As Sandy Hook conspiracy theorist and InfoWars founder Alex Jones now faces the prospect of turning over all of the company’s marketing and financial documents, Connecticut legal experts believe a Superior Court judge’s ruling late last week will not have a chilling effect on mainstream media outlets.
And, those experts say, they believe the order by Judge Barbara Bellis is part of the normal discovery process and should not set off alarm bells throughout newsrooms in the country.
Bellis ruled Friday morning that the Sandy Hook families suing Jones for defamation will be granted access to the internal business, financial and marketing documents of Jones’ companies. The documents and information Jones was ordered to surrender include letters, memos, emails, text messages, instant messenger logs or other electronic communications concerning, among others, shooter Adam Lanza, mention of alleged crisis actors and the investigation into the December 2012 Sandy Hook Elementary School massacre that left 26 dead.
Soon after the incident, Jones maintained the shooting was a hoax and that the families involved were paid crisis actors.
None of the four experts who spoke to the Connecticut Law Tribune described Jones’ InfoWars as a legitimate news outlet. And they all agreed Bellis was right.
“In terms of discovery and the production of relevant documents, the judge made the right ruling in this case,” said Susan Filan, of counsel for Cohen & Wolf,
Filan, a former prosecutor who is also a former NBC and MSNBC analyst, said, “I don’t think this will have a chilling effect on the media. First of all, I do not consider him to be a legitimate news outlet and, secondly, I don’t know that the First Amendment was properly invoked in this context. If you are going to profit off tragedy, you need to be willing to pay the price of being subjected to a fair legal process.”
InfoWars sells several products, including survivalist gear, on its website.
University of Connecticut law professor Leslie Levin, who has taught a media and law course, said the Jones case was not a typical libel or invasion-of-privacy proceeding. In such cases, Levin said, “You normally would not get this kind of materials.”
The CUTPA Factor
Levin believes it was a smart strategy for the plaintiff lawyers, who are from Bridgeport’s Koskoff, Koskoff & Bieder, to invoke the Connecticut Unfair Trade Practices Act, or CUTPA.
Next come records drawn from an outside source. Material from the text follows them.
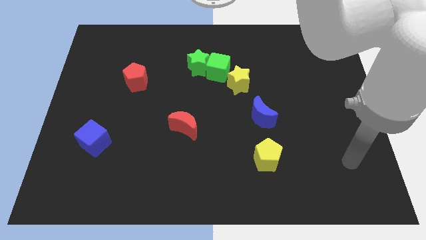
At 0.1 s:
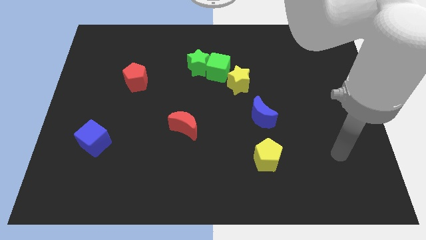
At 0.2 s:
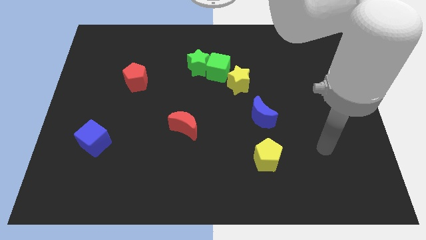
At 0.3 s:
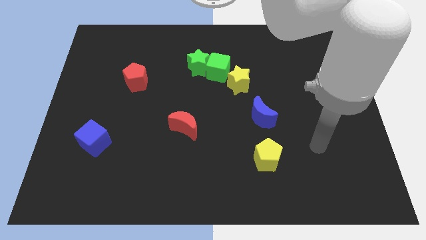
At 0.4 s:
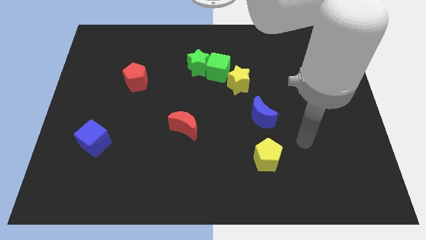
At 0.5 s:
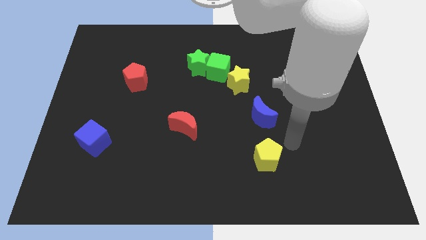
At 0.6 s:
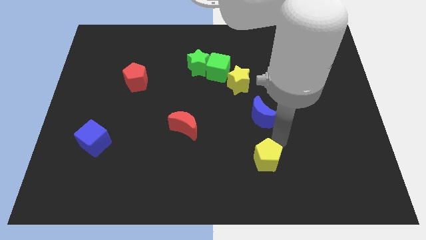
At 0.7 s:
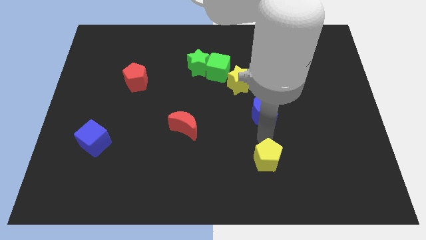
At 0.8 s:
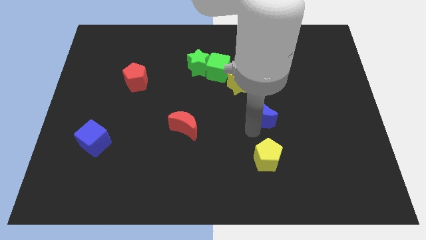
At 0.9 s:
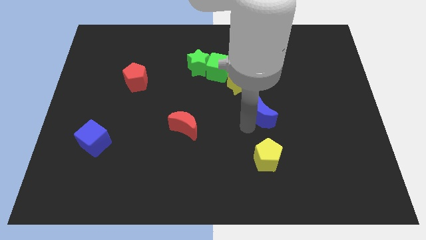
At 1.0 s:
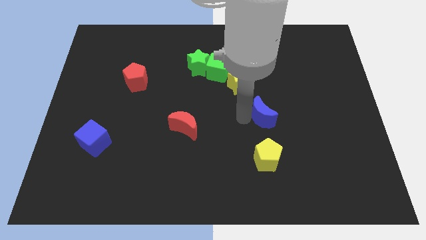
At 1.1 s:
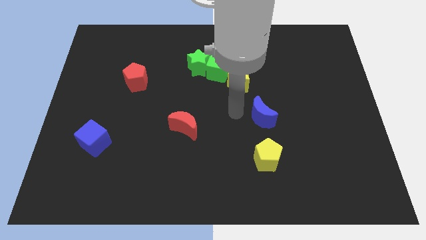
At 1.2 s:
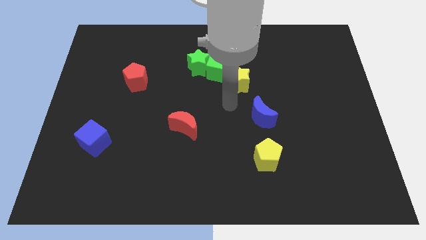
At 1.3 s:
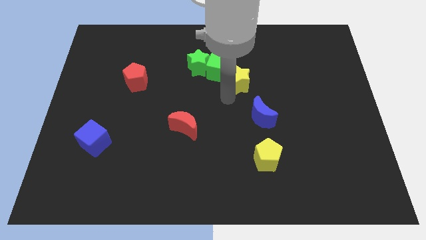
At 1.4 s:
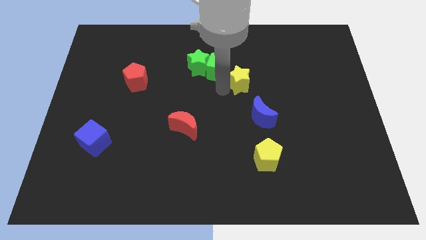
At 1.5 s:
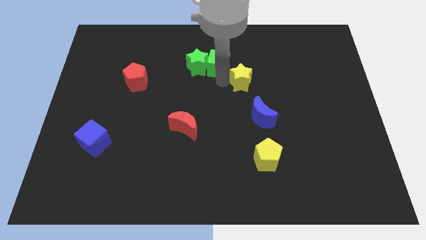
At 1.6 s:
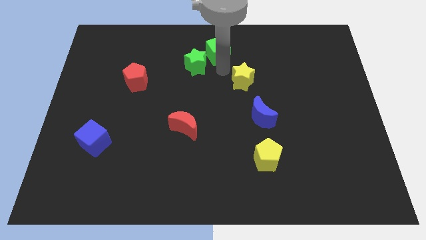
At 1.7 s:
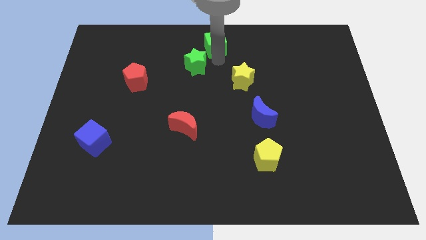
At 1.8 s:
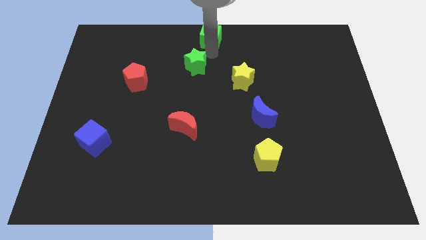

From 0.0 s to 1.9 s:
pull the green star apart from the green cube

Levin said mainstream news outlets need not fear this ruling because, unlike Jones, they do not sell other products and make sensational claims.
“Legitimate news outlets have nothing to worry about,” Levin said Tuesday. “They are not selling goods in connection with their news-producing work. The Hartford Courant and the Connecticut Law Tribune, for example, are not selling products for people to buy at the same time. If, for example, the Courant were trying to sell vitamins that they claimed extended people’s lives and were producing news stories that were sensational and false to try to get people to look at their website and see those products, they might have something to worry about.”
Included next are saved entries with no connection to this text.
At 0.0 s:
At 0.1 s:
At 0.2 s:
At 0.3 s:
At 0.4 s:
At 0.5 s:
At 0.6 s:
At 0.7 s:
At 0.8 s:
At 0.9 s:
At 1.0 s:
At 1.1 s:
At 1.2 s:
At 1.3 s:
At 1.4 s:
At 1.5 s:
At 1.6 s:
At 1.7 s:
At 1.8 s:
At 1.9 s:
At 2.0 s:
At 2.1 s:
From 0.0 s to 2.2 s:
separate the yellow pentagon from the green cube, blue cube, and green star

Levin said the plaintiffs attorneys invoked CUTPA, alleging Jones “deliberately used false narratives as a part of a marketing scheme that brought his business millions of dollars in revenue. This was the hook, I believe, for them to be able to get all of this information.”
In the end, legal experts said, the judge’s ruling was part of the normal discovery process.
“All this means is that he needs to comply with whatever rules are applicable. The plaintiff requested financial information. Why is he privileged not to provide a lawful discovery request? It’s that simple,” said Alan Neigher, a Westport solo practitioner who specializes in media law, defamation and libel. “I’m sure this guy will put up all kinds of First Amendment issues and argue that this is an onerous burden that will disclose confidential sources. But the media has protections from releasing legitimate confidential sources for legitimate reasons, such as information that would endanger someone’s life or endanger the ability to gather news effectively.”
Marty Margulies, professor of law emeritus at Quinnipiac University’s School of Law and a Sandy Hook resident, said, “As far as I can tell the order merely implements normal discovery requirements, mainly that parties make available to opponents all relevant information. Judges have inherent powers to limit discovery by vetoing requests that would be harassing or that seeks irrelevant material or otherwise abuses the discovery process.”